Yo me había preparado para decir algo gentil en el instante mismo del encuentro, porque hablo un inglés propio de Tarzán o del principio de la trilogía del Planeta de los Simios, es decir, cuando el primer mono logra hilar una frase ante el asombro de sus entrenadores; así que me había preparado para el lance. Con una leve reverencia, intentando disimular mi estilo de verdulero del barrio del Cristo, le dije:

-It’s an honour to meet you, Lord Sebastian… and The Tempest.

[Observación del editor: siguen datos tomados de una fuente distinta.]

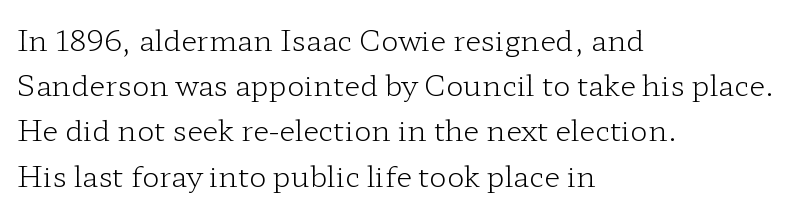
The image shows 29 px light, wide serif type, upright; set left-aligned, normal line spacing (1.56x), normal letter spacing, not underlined; low stroke contrast and a medium x-height.

Él me miró fijamente con ojos de azul glacial e inclinó a su vez la cabeza sin moverse del sitio, muy levemente, como cuando encajó de forma mayestática la enhorabuena del entonces presidente del COI, doctor Jacques Rogge, en la apertura de los Juegos de Londres 2012.

Me dijo:

-Thank you very much -y acentuó exageradamente el much.

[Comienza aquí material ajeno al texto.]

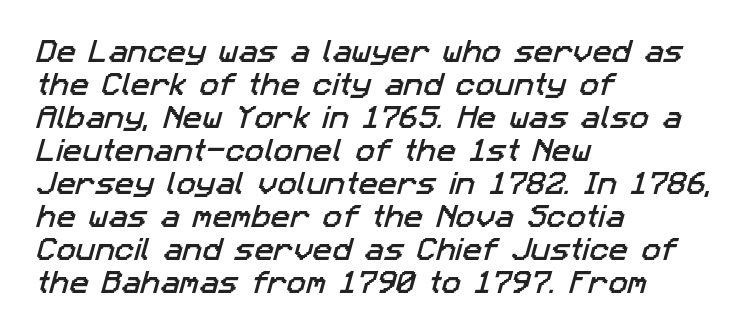
Q: Is the text underlined? A: No.
Q: How is the paragraph aligned? A: Left-aligned.
Q: Is the spacing between letters normal or unusually wide? A: Normal.
Q: Is the spacing between lines tight, normal or loose? A: Normal.
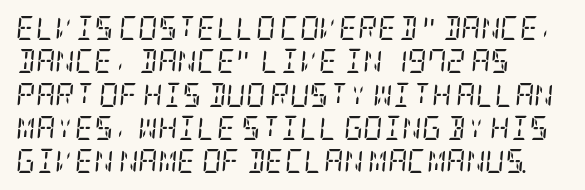
{"italic": "yes", "lean": "right", "slant_degrees": 5, "bold": "no", "underline": "no", "align": "left", "line_spacing": "normal", "line_spacing_ratio": 1.39, "letter_spacing": "normal", "letter_spacing_em": 0.0, "glyph_px": 24}

Nunca sabré si captó que me refería a su madre, que le llamó Sebastian por la obra de teatro Sebastian and The Tempest, auténtico éxito en Inglaterra allá por los años 50; o si me dio las gracias para cortar la palabra en la boca de aquel grupie que se tomaba demasiadas familiaridades.

El caso es que enseguida apartó su atención de mí, se aflojó la corbata y habló de lo que verdaderamente le interesaba en aquel momento: de fútbol, del Chelsea.

Al cabo del quince minutos mi fanatismo no podía más, e intervine.

-Oh, ¿hablan ustedes de fútbol? -contrasté intentado parecer otra vez, por supuesto en vano, un refinado caballero.

-Así es. Soy un humilde seguidor del Chelsea Football Club -explicó tranquilamente el Lord de la mesa.

-Yo soy un fan de Sebastian Coe -me declaré.

-Ok, gracias de nuevo –y siguió a lo suyo, pero sin reverencias ni gaitas; y ya fui viendo por aquello que no le gustaban los friquis que van de enterados, ni pensaba contar batallitas de sus años de atleta, como yo pretendía.

En ésas que llegó su veredicto del vino:

-Yes, I love this wine, etc -y el discurso subsiguiente.

Mientras hablaba para los antedichos 170 afortunados, calculé que si Coe alguna vez llegaba a presidente del COI, cosa harto complicada, habría rematado un currículum político comparable a su gigantesca carrera atlética en la que -por dar una pincelada, ¿eh?- logró convertirse en doble campeón olímpico de 1.500 metros y ser plusmarquista mundial simultáneo, durante poco más de media hora, 1 de julio de 1980, de 800 (1:42.33), 1.000 (2:13.40), 1.500 (3:32.1) y la milla (3:48.95). Steve Ovett, que corrió esa misma tarde la milla en 3:48.53, se afanó rápida, seguro que gustosamente, en arrebatarle su condición de tetrarecordman. Eran tiempos de rivalidad que hoy adquirían una dimensión mítica, con esa aureola que nos inspiran sucesos o canciones de los años ochenta.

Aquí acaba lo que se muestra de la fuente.